Initial Coin Offerings has suddenly emerged to be a fast growing funding source for technology startups, and by July this year, almost $1,3 billion has been raised through this funding mechanism, where more than half of the amount was raised in June. With this speed of adoption, wither someone has figured out something ingenious to fill a gap in the market, or we are looking at a greed-driven bubble.
For those unfamiliar with the concept of ICOs (Initial Coin Offerings), An ICO has become an alternative mechanism to raise capital where a company instead of issuing shares to investors sells digital tokens or coins such as ether or bitcoin to fund their company. Investors are not given any stake in the company nor any future voting rights in contrast to a stock offering. A comprehensive report published by Autonomous NEXT provide this analogy to explain exactly how an ICO work.
“Imagine there are plans to open a new casino, and for funding, the casino sells its own plastic chips before opening, in anticipation of customers using these chips and creating economic value. “Further, the buyers start trading these chips based on the expected value of the casino, how well attended it will be, and whether other chip holders are trading.”
Just like chips at a casino, the tokens have an inherent functional value, e.g. XRP fuels transactions on the Ripple Protocol and Ether acts as the engine for the smart contracts system of Ethereum. This raises the question whether all the ICOs are offering tokens with an actual functional value, or whether tokens are issued primarily for speculation.
The first question everyone should ask himself or herself in that case is whether the company at hand benefits from using blockchain technology over a traditional database or ledger? Unless you are dependent on inherent functions of the consensus mechanism in the blockchain technology such as immutability, provenance between numerous stakeholders, or could benefit from a smart contract layer, a good old-fashioned database may be sufficient. There are many examples of digital currencies with no need for a blockchain. Take World of Warcraft Gold for instance, a virtual currency that has been traded for real world money for years. Since this currency exists solely in Blizzards closed environment, there is no need for any blockchain to validate or record transactions. There is reason to believe that many ICOs are offering tokens or coins without any real functional value. ICOs like ‘jokecoin’ and ‘uselesscoin’ are still seeing hundreds of thousands of dollars invested, proving that real money is being invested in useless coins
Another cause for concern is the sheer number of ICOs and the amount of capital raised in a very short time. Autonomous calculated that $26m was raised from ICOs in 2014, $14m in 2015 and $222m last year. It found that by the second week of July there had been 56 token sales this year, raising $1.27bn in total. More than half of this year’s proceeds have been raised since the start of June, as the price of leading cryptocurrencies such as bitcoin and ether surged to record highs. We are even starting to see companies reaching unicorn valuations of over 1 billion USD through ICOs.
For existing and potential investors, the number of altcoins being launched should raise some serious concerns regarding liquidity and second-hand market.
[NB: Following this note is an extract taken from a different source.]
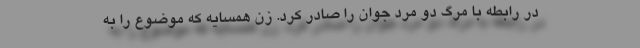
در رابطه با مرگ دو مرد جوان را صادر کرد. زن همسایه که موضوع را به
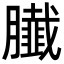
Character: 𦢙
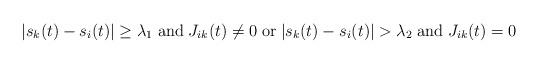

A unicorn valuation is of little to no value it the underlying token/coin is illiquid.
ICOs are often referred to as a cross-breed between an IPO and a crowdfunding campaign, as supporters sign up for a project similar to a crowdfunding campaign, while at the same time looking for a future return on their investments as the expect token value to rise. To set ICOs as a funding source in context, this year’s total investments are still a tiny fraction of the $34bn raised via crowdfunding platforms back in 2015. Even though Crowdfunding had its number of hopeless investments in its early days, it has proven to be a serious funding option. Time will tell if this also will be the case for ICOs as a funding mechanism.
With the value of popular cryptocurrencies such as btc, ether and XRP rising to record highs this year, it is reasonable to believe that the sudden explosion in number of ICOs are driven by the desire to get on early on what could the next best thing. Opportunistic investors with little to no technical expertise to evaluate whether an ICO is backing tokens with a function value or not hoping to cash in on what they perceive as easy money should prepare for a rude awakening. Both South Korea and China announced this week that they have outlawed ICOs, saying ICOs have “seriously disrupted the economic and financial order”, and SEC has warned against the legality of some ICOs.
Even though the jury is still out on whether we are witnessing a bubble or not, one thing is for certain, there will be losses. After months of unprecedented appreciation, almost every digital currency is seeing double-digit losses over the last 48 hours. Regardless of whether the market is experiencing a correction as it matures and consolidates or whether we are witnessing a market collapse, winter is coming for many hopeful altcoin investors.